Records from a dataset
- - -

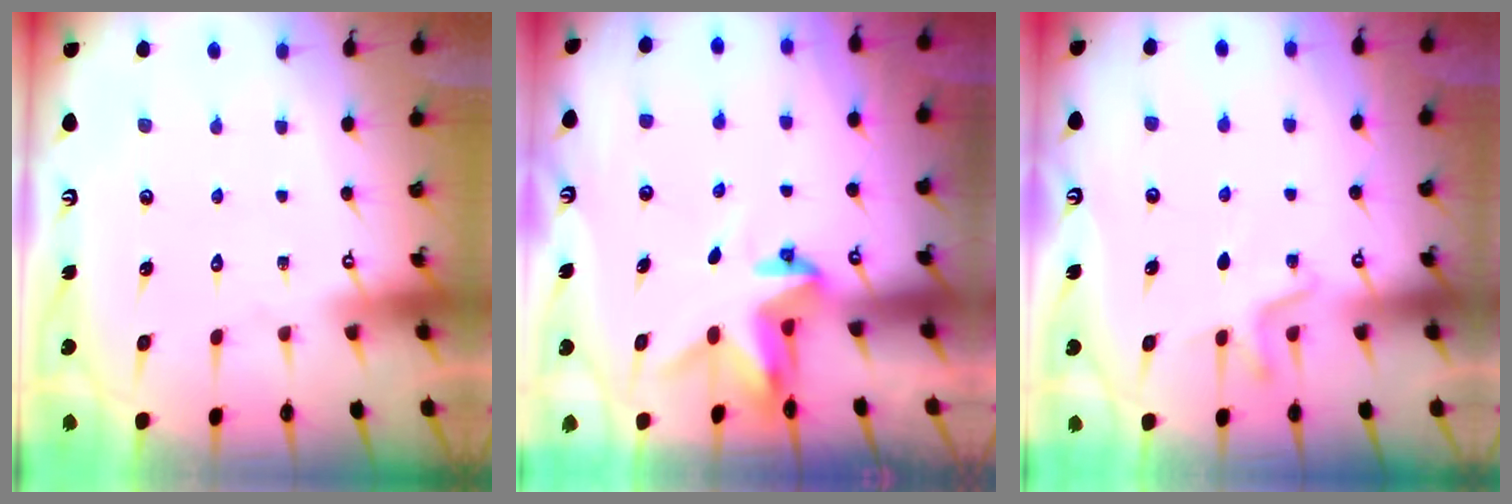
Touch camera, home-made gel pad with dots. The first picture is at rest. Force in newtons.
{"total": 3.5, "press": 3.5, "slide": 0.2}
{"total": 4.3, "press": 4.1, "slide": 1.2}
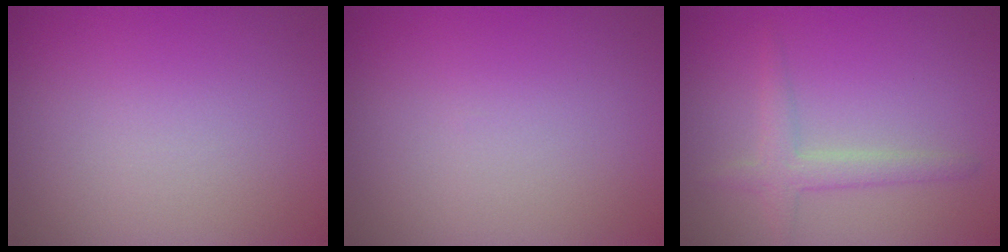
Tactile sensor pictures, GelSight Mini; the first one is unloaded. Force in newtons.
{"total": 0.0}
{"total": 2.2, "press": 2.2, "slide": 0.1}
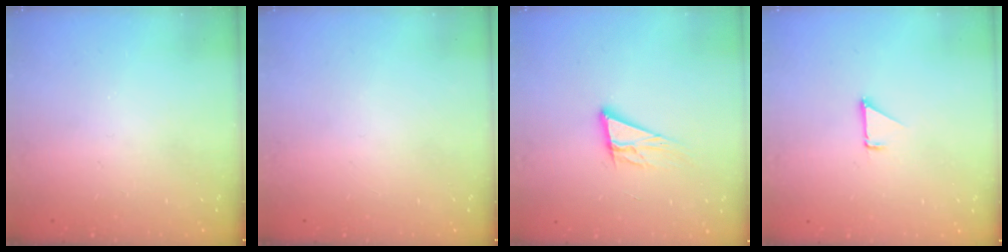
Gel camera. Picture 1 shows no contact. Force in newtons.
{"total": 0.0}
{"total": 12.2, "press": 11.7, "slide": 3.4}
{"total": 1.5, "press": 1.5, "slide": 0.1}
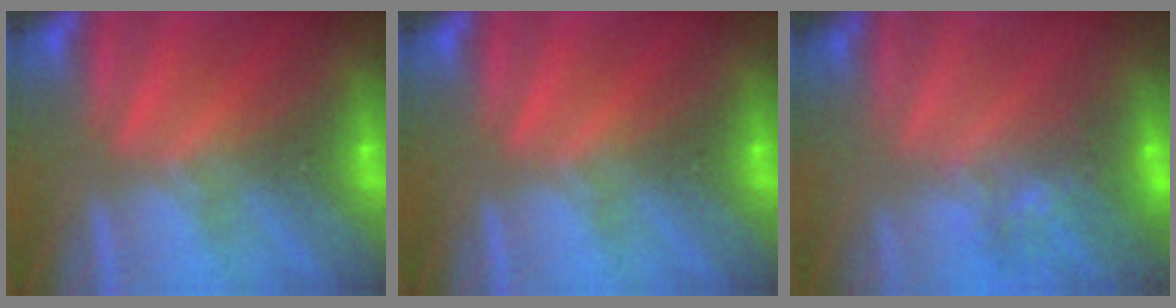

- - -

Work required:
Give every entry above again, exactly, and keep all pictures out of it.

Exercise output:
Touch camera, home-made gel pad with dots. The first picture is at rest. Force in newtons.
{"total": 3.5, "press": 3.5, "slide": 0.2}
{"total": 4.3, "press": 4.1, "slide": 1.2}
Tactile sensor pictures, GelSight Mini; the first one is unloaded. Force in newtons.
{"total": 0.0}
{"total": 2.2, "press": 2.2, "slide": 0.1}
Gel camera. Picture 1 shows no contact. Force in newtons.
{"total": 0.0}
{"total": 12.2, "press": 11.7, "slide": 3.4}
{"total": 1.5, "press": 1.5, "slide": 0.1}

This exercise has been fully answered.